The biggest film streaming platforms around today have a fairly abysmal offering of classic films. If you type Adam Sandler into the Netflix search bar, 20 films are returned. Conversely, if you search for films from the 1950s you will get only five results. The case is similar for any decade before the 1980s. On Amazon Prime, things are almost as bleak. You can stream the Hangover trilogy for free, whilst The Godfather trilogy is notably absent. Again, the further back in film history you travel, the slimmer the pickings you will find. However, for the more determined film fanatic, there are a few gems hidden amongst the mid-2000s blockbusters. Below is a list of the best pre-1970s classic cinematic works currently available to stream with Amazon Prime Video.
Nosferatu (1922)
An unofficial adaption of Bram Stoker’s gothic horror, Dracula, this film was ordered destroyed over copyright infringement. However, copies survived and Nosferatu came to be regarded as a cornerstone of horror, influencing the genre for the following century. The plot follows a vampire, Count Orlok, who travels from Transylvania to Germany in search of a new residence, and fresh blood.
This is a prime example of German expressionist cinema, the focus clearly on feelings rather than reality. The film is unsettling, though of course, modern audiences won’t be as terrified of Orlok as those of the time. Arguably, Max Shrek in full makeup looks far creepier than the CGI villains of the 2010s, and the image of Orlok’s silhouette inching up the staircase will forever be an iconic moment of horror cinema.
The Man Who Knew Too Much (1934)
One of the few Hitchcock directed films available on Prime, this British noir thriller surrounds a married couple who become aware of an assassination attempt and find that their daughter has been kidnapped to stop them from acting to prevent it. Though perhaps not one of Hitchcock’s best works, it is one of his most accessible.
The plot has enough twists to remain interesting to the end but stops short of being so convoluted as to lose sense of itself as many films of this genre often do. Hitchcock remade this film in 1956, though the plot was changed significantly and much of the grit of the original was lost.
Stagecoach (1939)
In Stagecoach you will find a grand western adventure within which lies an intimate drama. Directed by John Ford, a goliath from the golden age of Hollywood, this film pits an unlikely band of mismatched travellers against the spectre of Geronimo, an Apache leader hot on their tail. In his role as the outlaw Ringo Kid, John Wayne was catapulted to fame, quickly becoming part of the American zeitgeist as the defining western figure.
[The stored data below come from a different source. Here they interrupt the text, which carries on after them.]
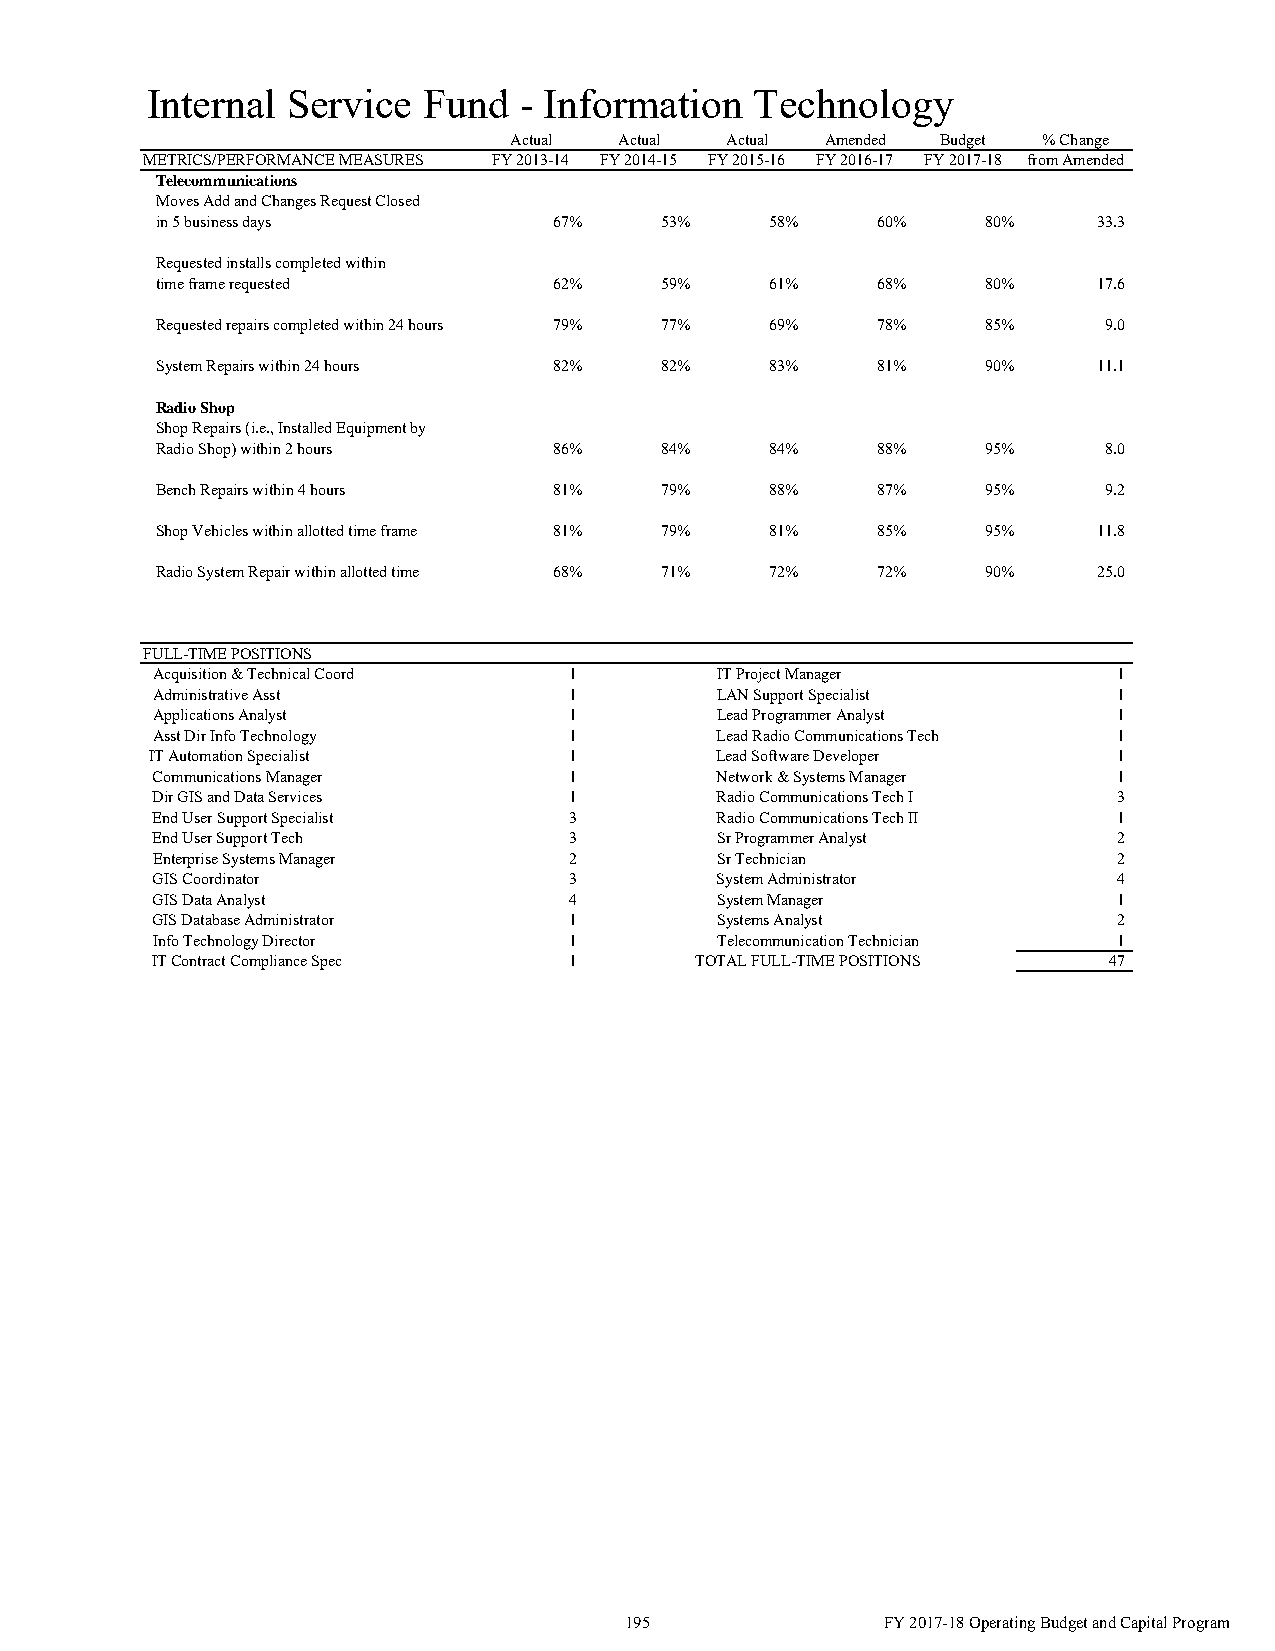
Internal Service  Fund  - Information   Technology
 Actual Actual Actual Amended Budget % Change
 METRICS/PERFORMANCE MEASURES FY 2013-14 FY 2014-15 FY 2015-16 FY 2016-17 FY 2017-18 from Amended
 Telecommunications
 Moves Add and Changes Request Closed
 in 5 business days         67%    53%    58%    60%    80%     3 3.3
 Requested installs completed within
 time frame requested       62%    59%    61%    68%    80%     1 7.6
 Requested repairs completed within 24 hours 79% 77% 69% 78% 85% 9 .0
 System Repairs within 24 hours 82% 82%   83%    81%    90%     1 1.1
 Radio Shop
 Shop Repairs (i.e., Installed Equipment by
 Radio Shop) within 2 hours 86%    84%    84%    88%    95%     8 .0
 Bench Repairs within 4 hours 81%  79%    88%    87%    95%     9 .2
 Shop Vehicles within allotted time frame 81% 79% 81% 85% 95%   1 1.8
 Radio System Repair within allotted time 68% 71% 72% 72% 90%   2 5.0
 FULL-TIME POSITIONS
 Acquisition & Technical Coord 1      IT Project Manager         1
 Administrative Asst         1        LAN Support Specialist     1
 Applications Analyst        1        Lead Programmer Analyst    1
 Asst Dir Info Technology    1        Lead Radio Communications Tech 1
 IT Automation Specialist    1        Lead Software Developer    1
 Communications Manager      1        Network & Systems Manager  1
 Dir GIS and Data Services   1        Radio Communications Tech I 3
 End User Support Specialist 3        Radio Communications Tech II 1
 End User Support Tech       3        Sr Programmer Analyst      2
 Enterprise Systems Manager  2        Sr Technician              2
 GIS Coordinator             3        System Administrator       4
 GIS Data Analyst            4        System Manager             1
 GIS Database Administrator  1        Systems Analyst            2
 Info Technology Director    1        Telecommunication Technician 1
 IT Contract Compliance Spec 1       TOTAL FULL-TIME POSITIONS  47
 195               FY 2017-18 Operating Budget and Capital Program
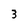
Character: 3
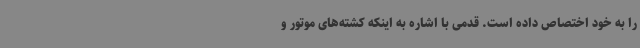
را به خود اختصاص داده است. قدمی با اشاره به اینکه کشته‌های موتور و
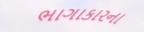
ભાગાકારના
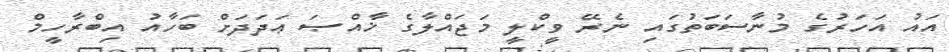
އައު އަހަރުގެ މުނާސަބަތުގައި ނެރޭ ވީކްލީ މަޖައްލާގެ ޚާއްޞަ ޢަދަދަށް ބަހާއު އިބްރާހީމް
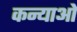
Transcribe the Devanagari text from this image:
कन्याओें
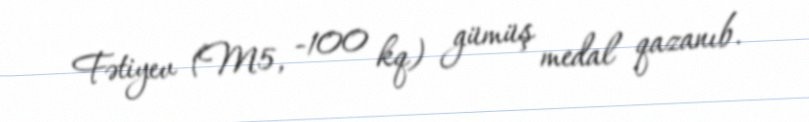
Fətiyev (M5, -100 kq) gümüş medal qazanıb.
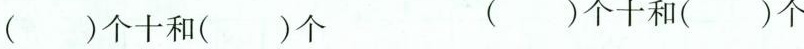
（）个十和（）个 （）个十和（）个
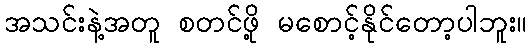
အသင်းနဲ့အတူ စတင်ဖို့ မစောင့်နိုင်တော့ပါဘူး။
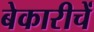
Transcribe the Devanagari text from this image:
बेकारीचें
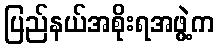
ပြည်နယ်အစိုးရအဖွဲ့က
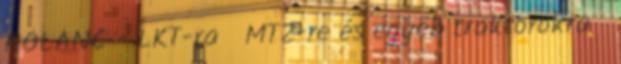
HÓLÁNC - LKT-ra MTZ-re és egyéb traktorokra
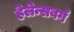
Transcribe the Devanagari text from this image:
हेलेन्सबर्ग
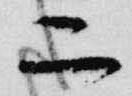
二
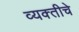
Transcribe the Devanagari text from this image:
व्यक्‍तीचे
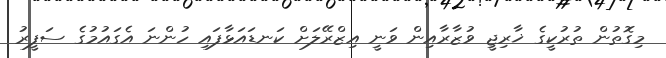
މިގޮތުން ތުރުކީގެ ޚާރިޖީ ވުޒާރާއިން ވަނީ އިޒްރޭލަށް ކަނޑައަޅާފައި ހުންނަ އެގައުމުގެ ސަފީރު
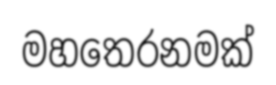
මහතෙරනමක්
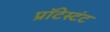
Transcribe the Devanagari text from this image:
प्रॉटेस्टंट
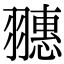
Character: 𦒎
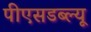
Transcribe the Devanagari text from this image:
पीएसडब्ल्यू
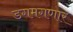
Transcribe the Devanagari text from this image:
डगमगणार
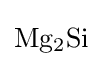
{\mathrm {Mg} {\vphantom {A}}_{\smash[{t}]{2}}\mathrm {Si} }
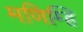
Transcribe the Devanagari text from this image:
मणिम्हि
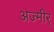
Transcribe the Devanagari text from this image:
अज्मीर्
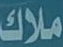
ملاك
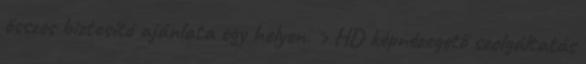
összes biztosító ajánlata egy helyen. › HD képnézegető szolgáltatás
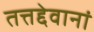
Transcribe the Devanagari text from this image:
तत्तद्देवानां
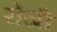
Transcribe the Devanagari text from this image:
रोंजी
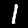
Digit: 1
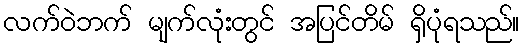
လက်ဝဲဘက် မျက်လုံးတွင် အပြင်တိမ် ရှိပုံရသည်။
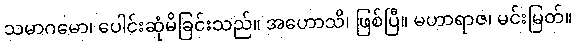
သမာဂမော၊ ပေါင်းဆုံမိခြင်းသည်။ အဟောသိ၊ ဖြစ်ပြီ။ မဟာရာဇ၊ မင်းမြတ်။
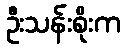
ဦးသန်းစိုးက
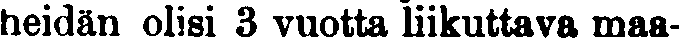
heidän olisi 3 vuotta liikuttava maa-
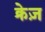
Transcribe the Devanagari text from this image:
क्रेज़
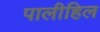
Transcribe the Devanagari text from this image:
पालीहिल
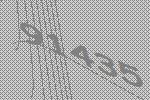
91435
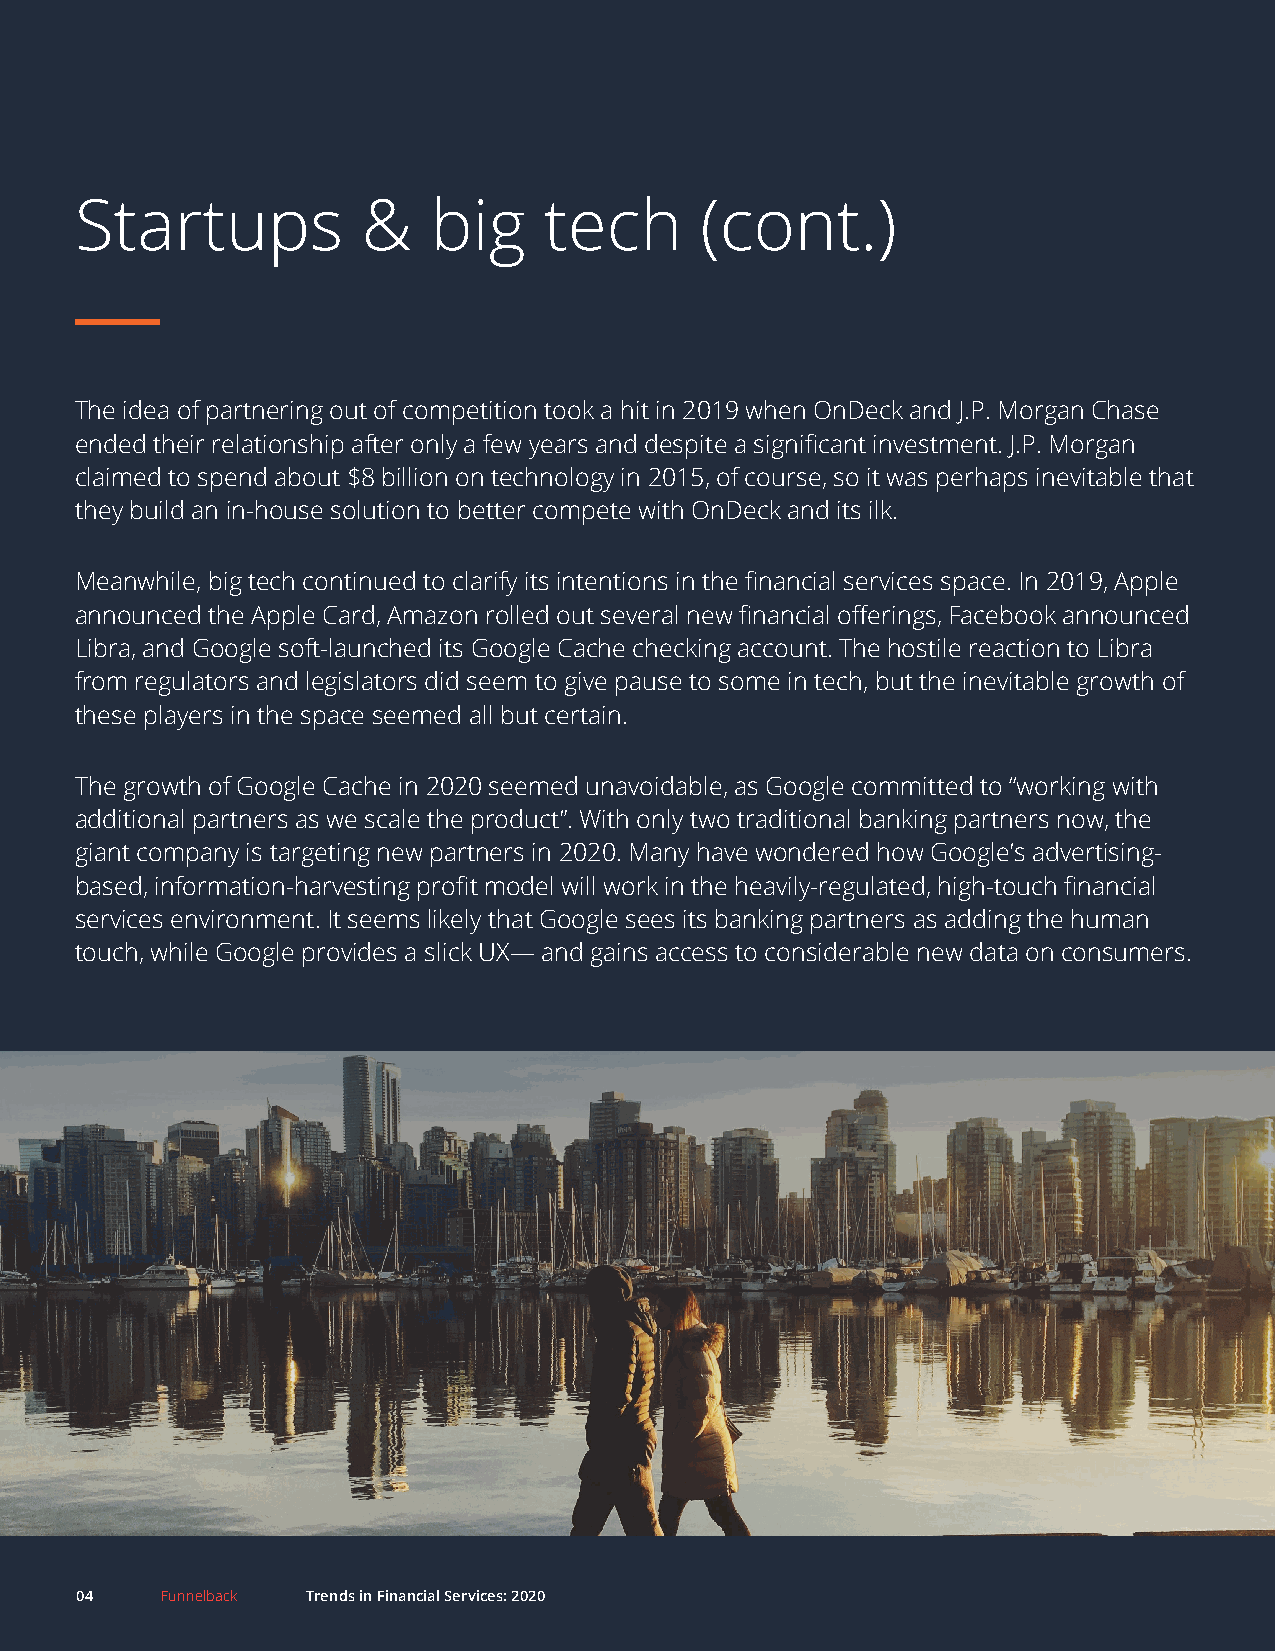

The interactions of the stagecoach’s travellers who start off as strangers but end their journey bound by their shared experience transcend the genre. Whilst aspects of this film are questionable to a modern audience, primarily the depiction of Indians as savages, a problem that most classic westerns perpetuate, it is unrivalled in its portrayal of the American character.
His Girl Friday (1940)
One genre that streaming platforms are saturated with is comedy. Good comedy, though, the kind that is both clever and hilarious, rather than moronic and base, is thin on the ground on Prime. An exception comes in the form of His Girl Friday. In this early rom-com, a newspaper editor (Cary Grant) attempts to keep his ex-wife (Rosalind Russell) from remarrying by distracting her with a tempting scoop. Directed by another titan, Howard Hawks, this film is certainly a classic.
This is rapid-fire comedy at its sharpest, and Hawks actually wanted to break the record for fastest film dialogue. Films concerning journalists tend to be hard-hitting serious affairs, but His Girl Friday provides a much lighter approach to the genre that still manages to tackle serious themes of justice, love, and gender roles. Much like Stagecoach, the handling of race is poor and does taint this film. This is even more frustrating because it is more progressive in other aspects, advancing the role of women in the male-dominated newspaper industry.
Night of the Living Dead (1968)
More modern than the other films of this list, but still from a decade severely underrepresented by streaming services is George A. Romero’s Night of the Living Dead. Discounting White Zombie, this is the first true zombie movie and one to which all those that came later owe a debt. Following an ambiguous radiation-related disaster, the dead rise from their graves and aim to kill and eat any unfortunate souls that cross their path.
Almost five decades on from Nosferatu, the horror genre has advanced in so many respects while keeping the same core tenets. The slow onward march of the undead is not dissimilar from that of Count Orlok. But this horror milestone also brings so much to the genre that is new. The claustrophobic cabin in the woods setting will be seen countless times in horror flicks of later years until it becomes a meta-trope in a film literally titled Cabin in the Woods.
It will always be in Romero’s debut that this was most effectively deployed. The human drama within the farmhouse becomes just as dramatic as the undead human drama without, as those holed up together grow tense and the night draws on, it becomes apparent that the villains of the piece may not only be the undead.
It is in classic cinema where many of the innovative themes and effects that have since become tired and overused were born. It was there that originality held sway, experimentation was king, and Adam Sandler was not even a twinkle. Sure, the big streaming services have a strong selection of good films from the modern era, but if you look hard enough, you can also unearth a select few from an earlier time which are truly great.